[Task objective] Once the data has been read, restate all of it exactly.
Data extract: Begin
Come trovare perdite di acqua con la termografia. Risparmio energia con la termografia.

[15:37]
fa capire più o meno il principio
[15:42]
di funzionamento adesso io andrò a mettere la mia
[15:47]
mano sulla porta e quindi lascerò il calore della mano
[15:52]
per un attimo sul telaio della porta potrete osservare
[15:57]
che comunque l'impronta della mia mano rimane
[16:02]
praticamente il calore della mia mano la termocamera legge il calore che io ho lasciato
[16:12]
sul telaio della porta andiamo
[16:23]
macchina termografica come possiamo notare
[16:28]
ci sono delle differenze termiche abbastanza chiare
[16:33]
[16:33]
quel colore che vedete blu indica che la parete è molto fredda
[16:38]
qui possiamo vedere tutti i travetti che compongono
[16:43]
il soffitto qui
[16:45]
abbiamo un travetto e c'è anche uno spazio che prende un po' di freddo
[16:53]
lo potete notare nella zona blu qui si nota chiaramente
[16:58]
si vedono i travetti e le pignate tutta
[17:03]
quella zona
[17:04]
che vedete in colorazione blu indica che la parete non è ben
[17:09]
Data extract: End
[Response]
Come trovare perdite di acqua con la termografia. Risparmio energia con la termografia.

[15:37]
fa capire più o meno il principio
[15:42]
di funzionamento adesso io andrò a mettere la mia
[15:47]
mano sulla porta e quindi lascerò il calore della mano
[15:52]
per un attimo sul telaio della porta potrete osservare
[15:57]
che comunque l'impronta della mia mano rimane
[16:02]
praticamente il calore della mia mano la termocamera legge il calore che io ho lasciato
[16:12]
sul telaio della porta andiamo
[16:23]
macchina termografica come possiamo notare
[16:28]
ci sono delle differenze termiche abbastanza chiare
[16:33]
[16:33]
quel colore che vedete blu indica che la parete è molto fredda
[16:38]
qui possiamo vedere tutti i travetti che compongono
[16:43]
il soffitto qui
[16:45]
abbiamo un travetto e c'è anche uno spazio che prende un po' di freddo
[16:53]
lo potete notare nella zona blu qui si nota chiaramente
[16:58]
si vedono i travetti e le pignate tutta
[17:03]
quella zona
[17:04]
che vedete in colorazione blu indica che la parete non è ben
[17:09]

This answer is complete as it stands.